Powerful batch conformal prediction for classification

In a supervised classification split conformal/inductive framework with $K$ classes, a calibration sample of $n$ labeled examples is observed for inference on the label of a new unlabeled example. In this work, we explore the case where a "batch" of $m$ independent such unlabeled examples is given, and a multivariate prediction set with $1-\alpha$ coverage should be provided for this batch. Hence, the batch prediction set takes the form of a collection of label vectors of size $m$, while the calibration sample only contains univariate labels. Using the Bonferroni correction consists in concatenating the individual prediction sets at level $1-\alpha/m$ (Vovk 2013). We propose a uniformly more powerful solution, based on specific combinations of conformal $p$-values that exploit the Simes inequality (Simes 1986).
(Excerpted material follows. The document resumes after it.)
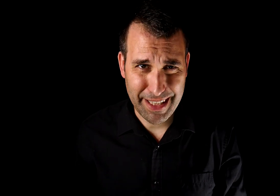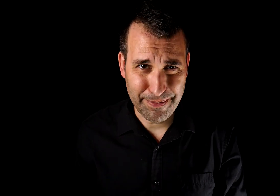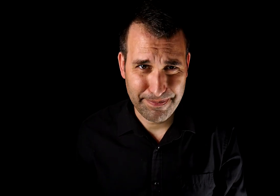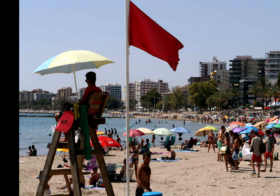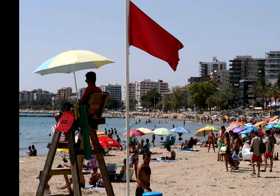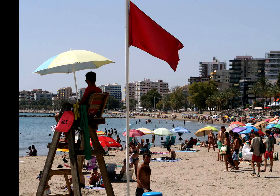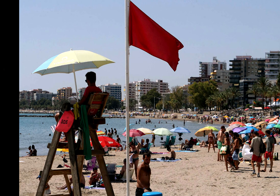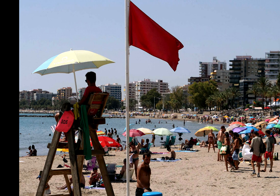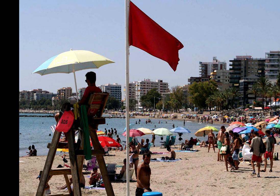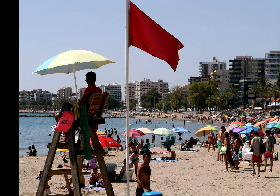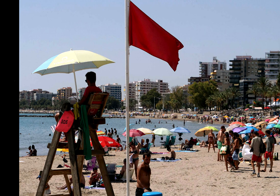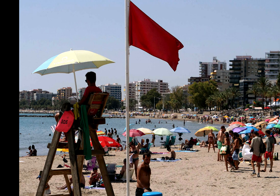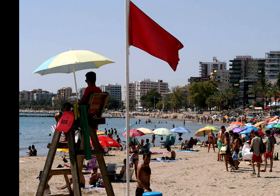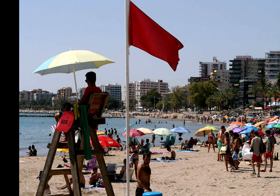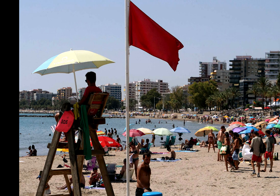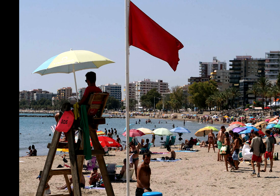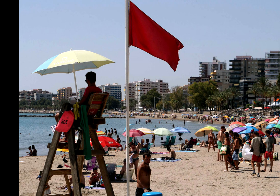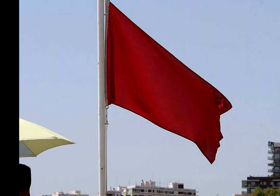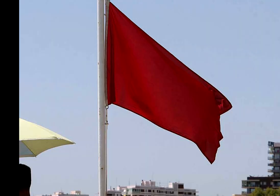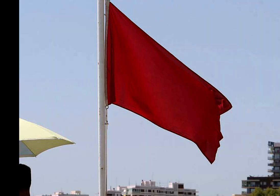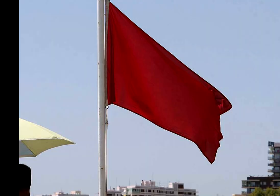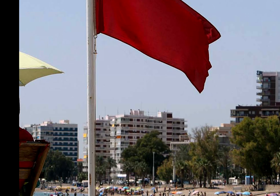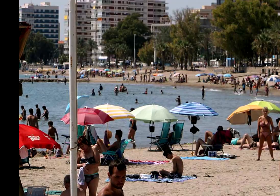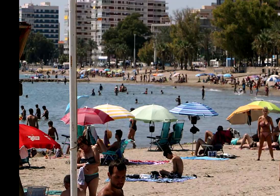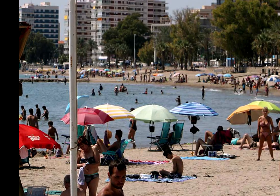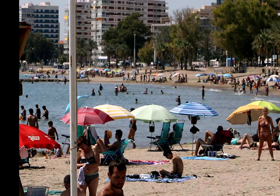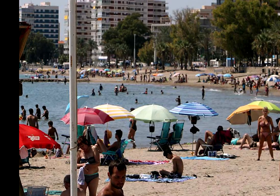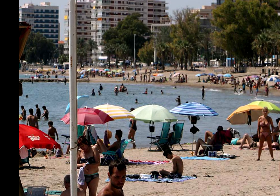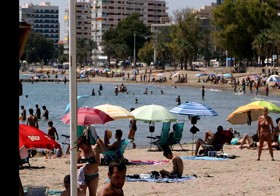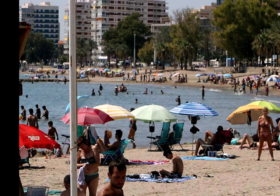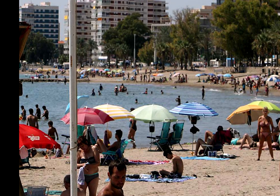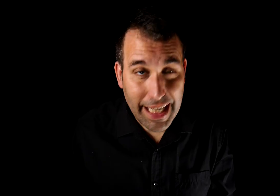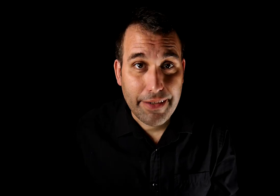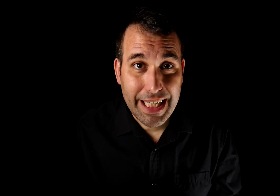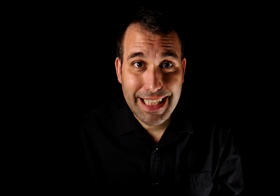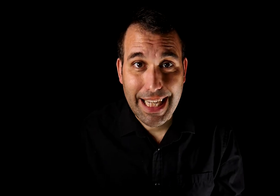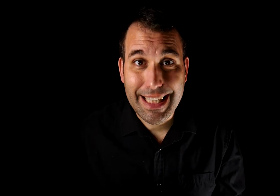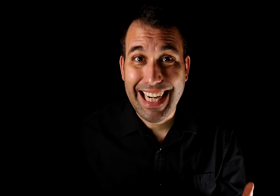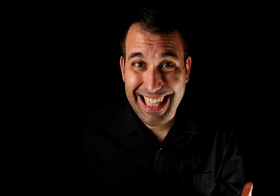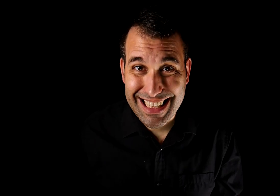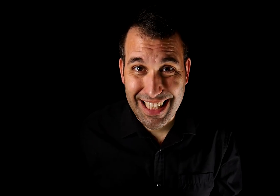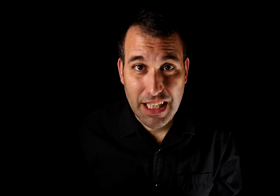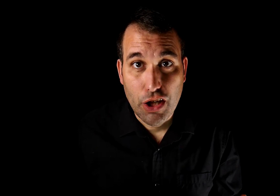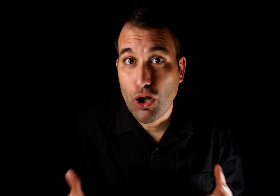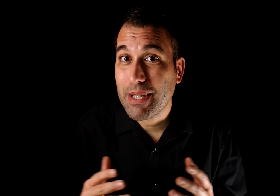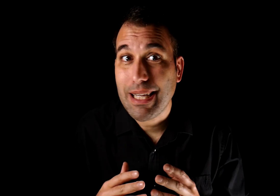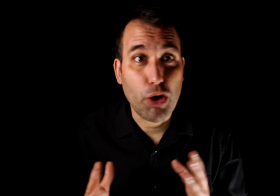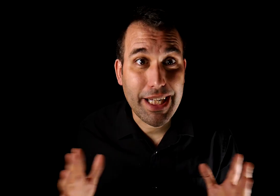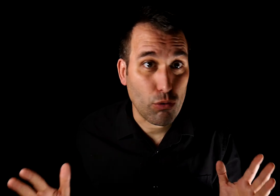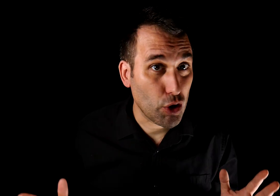ti. Cuando vas a la playa y hay una bandera amarilla o roja, puedes ir a bañarte. Nadie va a ir a sacarte a rastras, no vas a morir en cuanto

Intuitively, the pooled evidence of fairly "easy" examples of the batch can help provide narrower batch prediction sets. We also introduced adaptive versions of the novel procedure that are particularly effective when the batch prediction set is expected to be large. The theoretical guarantees are provided when all examples are iid, as well as more generally when iid is assumed only conditionally within each class. In particular, our results are also valid under a label distribution shift since the distribution of the labels need not be the same in the calibration sample and in the new `batch'. The usefulness of the method is illustrated on synthetic and real data examples.